**REQUIREMENT**. Retype each entry below exactly. Do not carry any image over.

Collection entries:
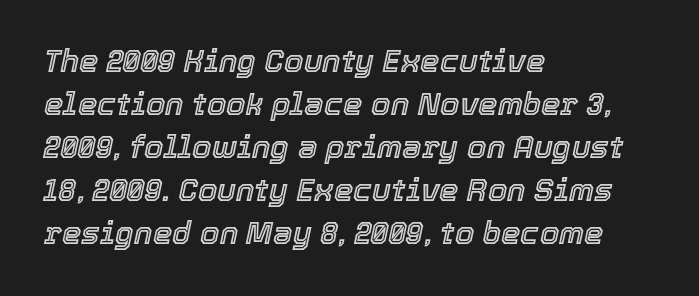
Q: Is the text italic (slanted)? A: Yes, it leans right by about 12 degrees.
Q: Is the text underlined? A: No.
Q: How is the paragraph aligned? A: Left-aligned.
Q: Is the spacing between letters normal or unusually wide? A: Normal.
Q: Is the spacing between lines tight, normal or loose? A: Normal.
Q: Width (condensed, normal, or wide)? A: Normal.
Q: x-height? A: Medium.
Q: Monospaced? A: No.
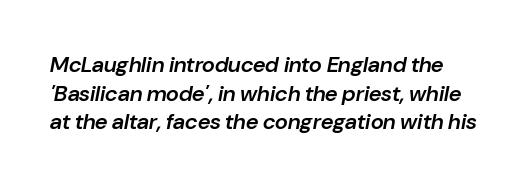
The image shows 22 px text type, italic (leaning right); set normal line spacing (1.3x), normal letter spacing, not underlined.
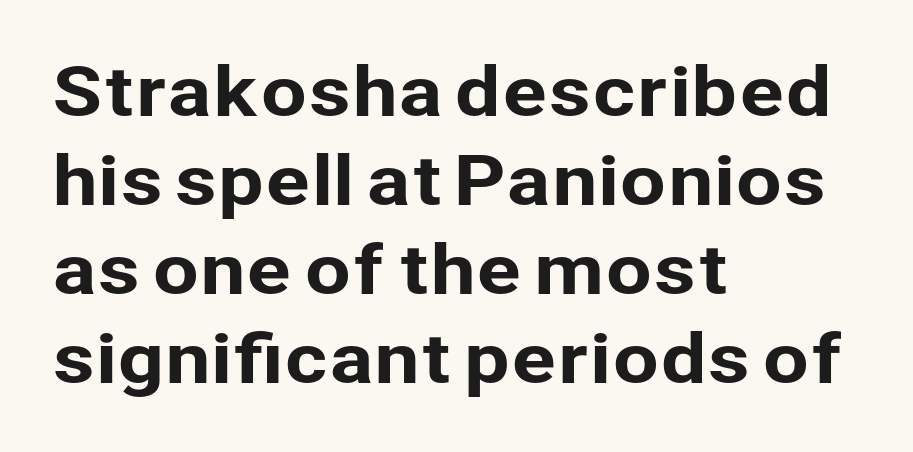
The image shows 67 px sans-serif type, upright; set left-aligned, normal line spacing (1.33x), normal letter spacing, not underlined; low stroke contrast and a medium x-height.
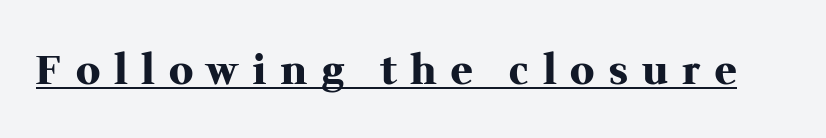
The image shows 40 px heavy serif type, upright; set unusually wide letter spacing (+0.37 em), underlined; medium stroke contrast and a medium x-height.
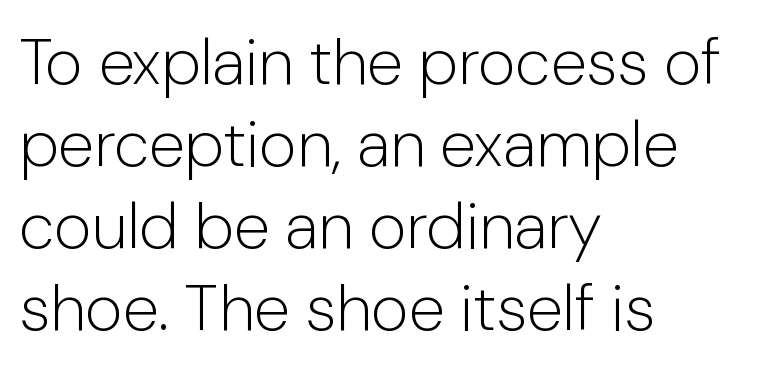
{"serif": "no", "italic": "no", "bold": "no", "weight": "light", "width": "normal", "stroke_contrast": "low", "x_height": "medium", "monospaced": "no", "underline": "no", "align": "left", "line_spacing": "normal", "line_spacing_ratio": 1.26, "letter_spacing": "normal", "letter_spacing_em": 0.0, "glyph_px": 65}
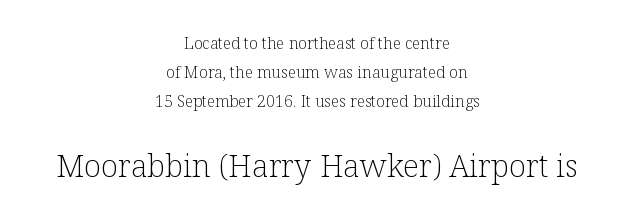
The type is set solid horizontally, with unmodified tracking. The typesetter chose a symmetrical, centered arrangement here. The designer gave the closing block more size than the opening block. To sum up the face: it has serifs. The gap between lines stays unmarked. The lettering holds an erect, upright posture throughout.
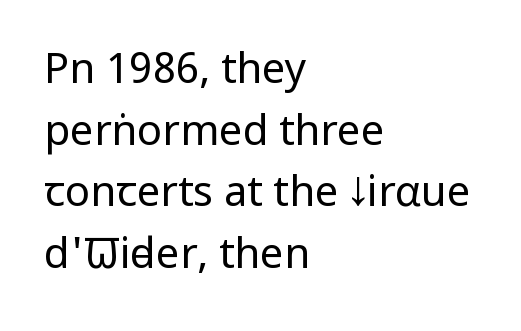
The rendering uses a moderate line-height, typical for paragraphs. Note the varied advance widths — an 'i' is clearly narrower than an 'm'. The lettering stays uniformly vertical, giving the passage a roman look. Quick note: underline off.
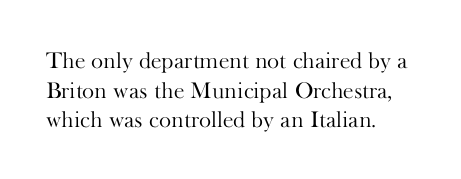
The lines sit at an ordinary, default distance from one another. The rag falls on the right side of this text block. The characters are drawn with everyday or finer stroke widths. Descender tails drop into unmarked territory.
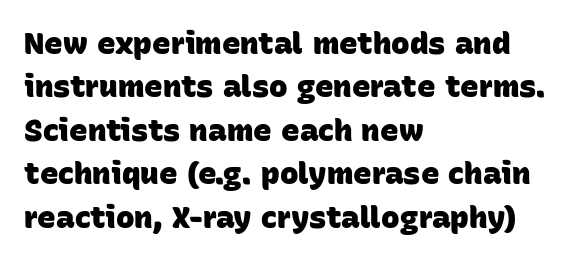
{"serif": "no", "bold": "yes", "weight": "heavy", "width": "normal", "stroke_contrast": "low", "x_height": "large", "monospaced": "no", "underline": "no", "align": "left", "line_spacing": "normal", "line_spacing_ratio": 1.4, "letter_spacing": "normal", "letter_spacing_em": 0.0, "glyph_px": 31}
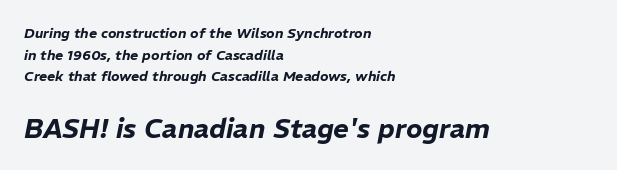
Every character sits at an angle, as italics do. The leading is moderate, giving the passage an even texture. Quick note: underline off. Small over large — that's the arrangement of the two blocks here. Where is the straight margin? On the left.
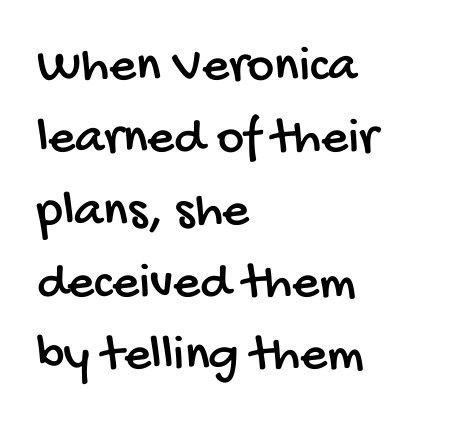
The image shows 52 px condensed sans-serif type; set left-aligned, normal line spacing (1.39x), normal letter spacing, not underlined; low stroke contrast and a large x-height.
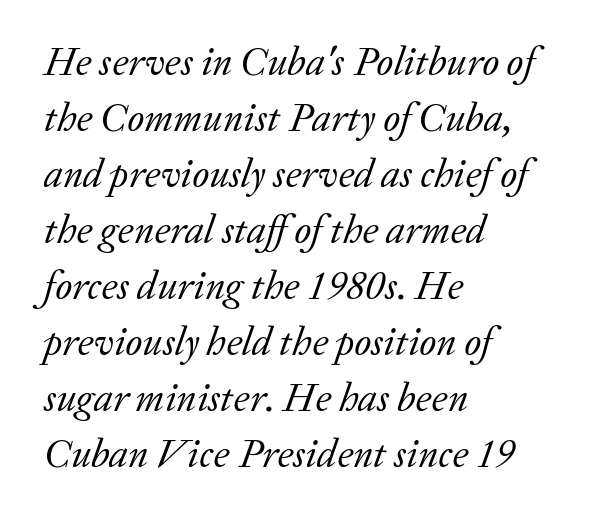
Q: Is the text bold? A: No.
Q: Is the text italic (slanted)? A: Yes, it leans right by about 20 degrees.
Q: Is the typeface a serif or a sans-serif typeface? A: Serif.
Q: Is the text underlined? A: No.
Q: How is the paragraph aligned? A: Left-aligned.
Q: Is the spacing between letters normal or unusually wide? A: Normal.
Q: Is the spacing between lines tight, normal or loose? A: Normal.
Q: Width (condensed, normal, or wide)? A: Normal.
Q: Stroke contrast? A: Low.
Q: x-height? A: Medium.
Q: Monospaced? A: No.
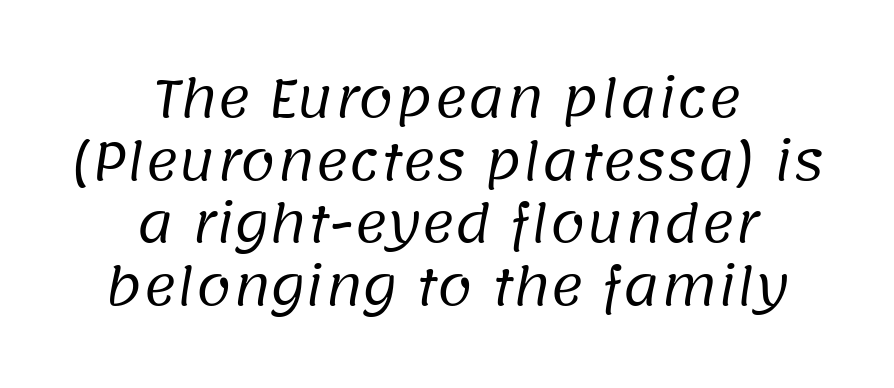
{"serif": "no", "bold": "no", "weight": "regular", "width": "normal", "stroke_contrast": "low", "x_height": "large", "monospaced": "no", "underline": "no", "align": "center", "line_spacing_ratio": 1.23, "letter_spacing": "normal", "letter_spacing_em": 0.0, "glyph_px": 51}
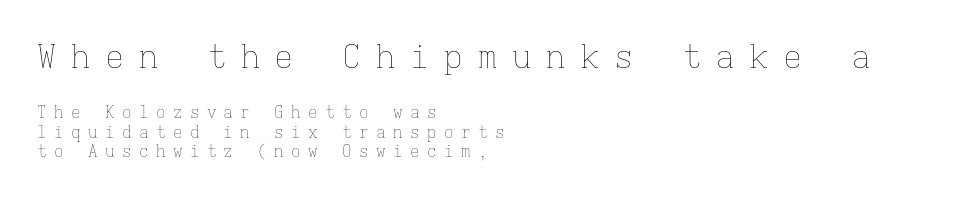
{"italic": "no", "bold": "no", "weight": "thin", "width": "normal", "stroke_contrast": "low", "x_height": "medium", "monospaced": "yes", "underline": "no", "align": "left", "line_spacing_ratio": 1.23, "letter_spacing": "wide", "letter_spacing_em": 0.46, "larger_block": "first", "size_ratio": 2.0, "glyph_px": 32}
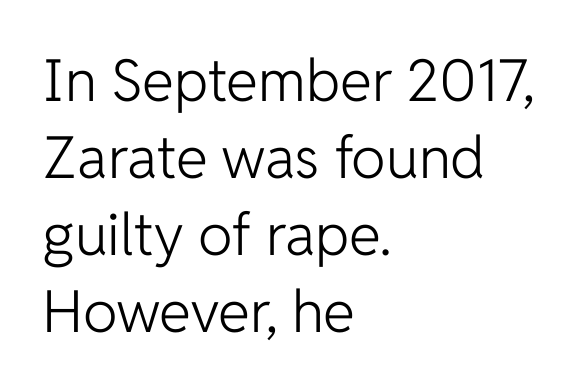
{"serif": "no", "italic": "no", "bold": "no", "weight": "light", "width": "normal", "stroke_contrast": "low", "x_height": "medium", "monospaced": "no", "underline": "no", "align": "left", "line_spacing": "normal", "line_spacing_ratio": 1.33, "letter_spacing": "normal", "letter_spacing_em": 0.0, "glyph_px": 58}
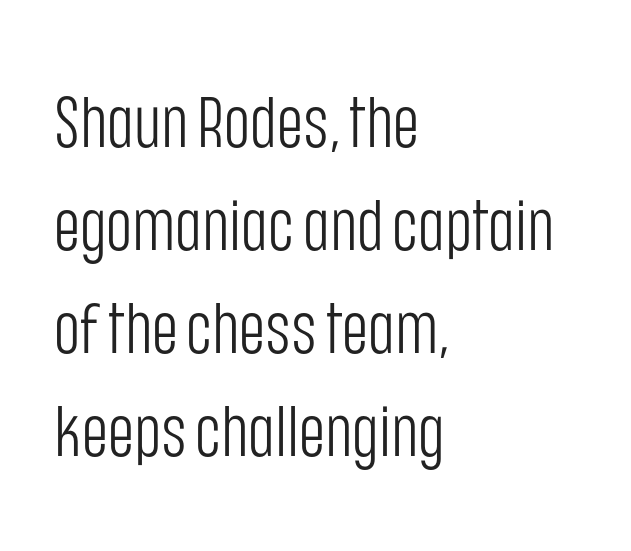
Q: Is the text bold? A: No.
Q: Is the text italic (slanted)? A: No, it is upright.
Q: Is the typeface a serif or a sans-serif typeface? A: Sans-serif.
Q: Is the text underlined? A: No.
Q: How is the paragraph aligned? A: Left-aligned.
Q: Is the spacing between letters normal or unusually wide? A: Normal.
Q: Is the spacing between lines tight, normal or loose? A: Normal.
Q: Width (condensed, normal, or wide)? A: Condensed.
Q: Stroke contrast? A: Low.
Q: x-height? A: Large.
Q: Monospaced? A: No.
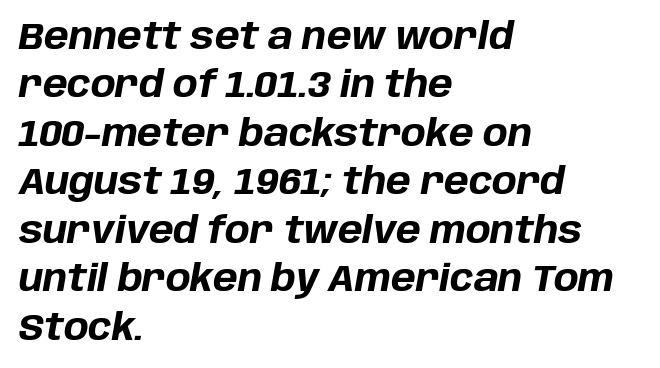
Q: Is the text bold? A: Yes.
Q: Is the text italic (slanted)? A: Yes, it leans right by about 10 degrees.
Q: Is the text underlined? A: No.
Q: How is the paragraph aligned? A: Left-aligned.
Q: Is the spacing between letters normal or unusually wide? A: Normal.
Q: Is the spacing between lines tight, normal or loose? A: Normal.
Q: Width (condensed, normal, or wide)? A: Normal.
Q: Stroke contrast? A: Low.
Q: x-height? A: Large.
Q: Monospaced? A: No.
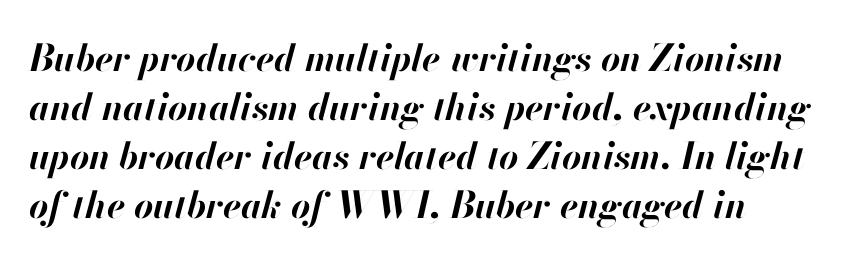
{"italic": "yes", "lean": "right", "slant_degrees": 13, "bold": "yes", "weight": "bold", "width": "normal", "stroke_contrast": "high", "x_height": "small", "monospaced": "no", "underline": "no", "line_spacing": "normal", "line_spacing_ratio": 1.32, "letter_spacing": "normal", "letter_spacing_em": 0.0, "glyph_px": 37}
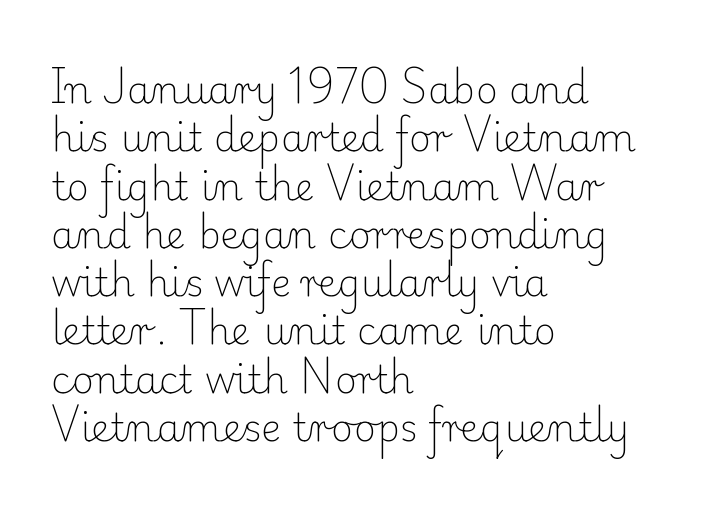
Lines of text with bare space underneath. Looks like regular typesetting: each glyph gets only the width it needs. Typographically, this falls in the serif category. Vertical stems look standard width or narrower in stroke. When letters stand straight like this, we call the style roman or upright. Notice how the passage keeps a crisp vertical edge on the left only.
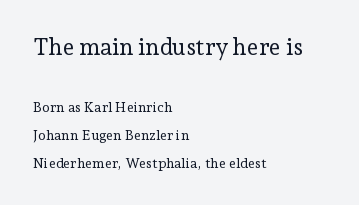
The image shows 23 px text type, upright; set left-aligned, loose line spacing (2.01x), normal letter spacing, not underlined; the first (top) block is 1.64x larger.
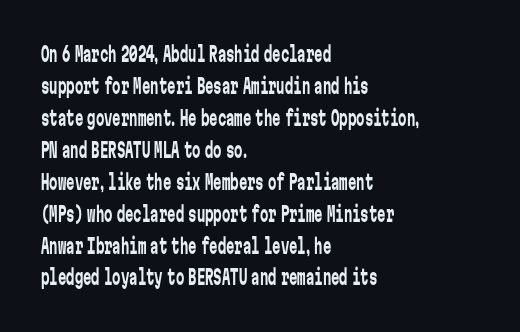
{"italic": "no", "bold": "no", "underline": "no", "align": "left", "line_spacing": "normal", "line_spacing_ratio": 1.52, "letter_spacing": "normal", "letter_spacing_em": 0.0, "glyph_px": 21}

**YOUR SOLUTION**.
Q: Is the text italic (slanted)? A: Yes, it leans right by about 12 degrees.
Q: Is the text underlined? A: No.
Q: How is the paragraph aligned? A: Left-aligned.
Q: Is the spacing between letters normal or unusually wide? A: Normal.
Q: Is the spacing between lines tight, normal or loose? A: Normal.
Q: Width (condensed, normal, or wide)? A: Normal.
Q: x-height? A: Medium.
Q: Monospaced? A: No.
The image shows 22 px text type, italic (leaning right); set normal line spacing (1.3x), normal letter spacing, not underlined.
The image shows 67 px sans-serif type, upright; set left-aligned, normal line spacing (1.33x), normal letter spacing, not underlined; low stroke contrast and a medium x-height.
The image shows 40 px heavy serif type, upright; set unusually wide letter spacing (+0.37 em), underlined; medium stroke contrast and a medium x-height.
{"serif": "no", "italic": "no", "bold": "no", "weight": "light", "width": "normal", "stroke_contrast": "low", "x_height": "medium", "monospaced": "no", "underline": "no", "align": "left", "line_spacing": "normal", "line_spacing_ratio": 1.26, "letter_spacing": "normal", "letter_spacing_em": 0.0, "glyph_px": 65}
The type is set solid horizontally, with unmodified tracking. The typesetter chose a symmetrical, centered arrangement here. The designer gave the closing block more size than the opening block. To sum up the face: it has serifs. The gap between lines stays unmarked. The lettering holds an erect, upright posture throughout.
The rendering uses a moderate line-height, typical for paragraphs. Note the varied advance widths — an 'i' is clearly narrower than an 'm'. The lettering stays uniformly vertical, giving the passage a roman look. Quick note: underline off.
The lines sit at an ordinary, default distance from one another. The rag falls on the right side of this text block. The characters are drawn with everyday or finer stroke widths. Descender tails drop into unmarked territory.
{"serif": "no", "bold": "yes", "weight": "heavy", "width": "normal", "stroke_contrast": "low", "x_height": "large", "monospaced": "no", "underline": "no", "align": "left", "line_spacing": "normal", "line_spacing_ratio": 1.4, "letter_spacing": "normal", "letter_spacing_em": 0.0, "glyph_px": 31}
Every character sits at an angle, as italics do. The leading is moderate, giving the passage an even texture. Quick note: underline off. Small over large — that's the arrangement of the two blocks here. Where is the straight margin? On the left.
The image shows 52 px condensed sans-serif type; set left-aligned, normal line spacing (1.39x), normal letter spacing, not underlined; low stroke contrast and a large x-height.
Q: Is the text bold? A: No.
Q: Is the text italic (slanted)? A: Yes, it leans right by about 20 degrees.
Q: Is the typeface a serif or a sans-serif typeface? A: Serif.
Q: Is the text underlined? A: No.
Q: How is the paragraph aligned? A: Left-aligned.
Q: Is the spacing between letters normal or unusually wide? A: Normal.
Q: Is the spacing between lines tight, normal or loose? A: Normal.
Q: Width (condensed, normal, or wide)? A: Normal.
Q: Stroke contrast? A: Low.
Q: x-height? A: Medium.
Q: Monospaced? A: No.
{"serif": "no", "bold": "no", "weight": "regular", "width": "normal", "stroke_contrast": "low", "x_height": "large", "monospaced": "no", "underline": "no", "align": "center", "line_spacing_ratio": 1.23, "letter_spacing": "normal", "letter_spacing_em": 0.0, "glyph_px": 51}
{"italic": "no", "bold": "no", "weight": "thin", "width": "normal", "stroke_contrast": "low", "x_height": "medium", "monospaced": "yes", "underline": "no", "align": "left", "line_spacing_ratio": 1.23, "letter_spacing": "wide", "letter_spacing_em": 0.46, "larger_block": "first", "size_ratio": 2.0, "glyph_px": 32}
{"serif": "no", "italic": "no", "bold": "no", "weight": "light", "width": "normal", "stroke_contrast": "low", "x_height": "medium", "monospaced": "no", "underline": "no", "align": "left", "line_spacing": "normal", "line_spacing_ratio": 1.33, "letter_spacing": "normal", "letter_spacing_em": 0.0, "glyph_px": 58}
Q: Is the text bold? A: No.
Q: Is the text italic (slanted)? A: No, it is upright.
Q: Is the typeface a serif or a sans-serif typeface? A: Sans-serif.
Q: Is the text underlined? A: No.
Q: How is the paragraph aligned? A: Left-aligned.
Q: Is the spacing between letters normal or unusually wide? A: Normal.
Q: Is the spacing between lines tight, normal or loose? A: Normal.
Q: Width (condensed, normal, or wide)? A: Condensed.
Q: Stroke contrast? A: Low.
Q: x-height? A: Large.
Q: Monospaced? A: No.
Q: Is the text bold? A: Yes.
Q: Is the text italic (slanted)? A: Yes, it leans right by about 10 degrees.
Q: Is the text underlined? A: No.
Q: How is the paragraph aligned? A: Left-aligned.
Q: Is the spacing between letters normal or unusually wide? A: Normal.
Q: Is the spacing between lines tight, normal or loose? A: Normal.
Q: Width (condensed, normal, or wide)? A: Normal.
Q: Stroke contrast? A: Low.
Q: x-height? A: Large.
Q: Monospaced? A: No.
{"italic": "yes", "lean": "right", "slant_degrees": 13, "bold": "yes", "weight": "bold", "width": "normal", "stroke_contrast": "high", "x_height": "small", "monospaced": "no", "underline": "no", "line_spacing": "normal", "line_spacing_ratio": 1.32, "letter_spacing": "normal", "letter_spacing_em": 0.0, "glyph_px": 37}
Lines of text with bare space underneath. Looks like regular typesetting: each glyph gets only the width it needs. Typographically, this falls in the serif category. Vertical stems look standard width or narrower in stroke. When letters stand straight like this, we call the style roman or upright. Notice how the passage keeps a crisp vertical edge on the left only.
The image shows 23 px text type, upright; set left-aligned, loose line spacing (2.01x), normal letter spacing, not underlined; the first (top) block is 1.64x larger.
{"italic": "no", "bold": "no", "underline": "no", "align": "left", "line_spacing": "normal", "line_spacing_ratio": 1.52, "letter_spacing": "normal", "letter_spacing_em": 0.0, "glyph_px": 21}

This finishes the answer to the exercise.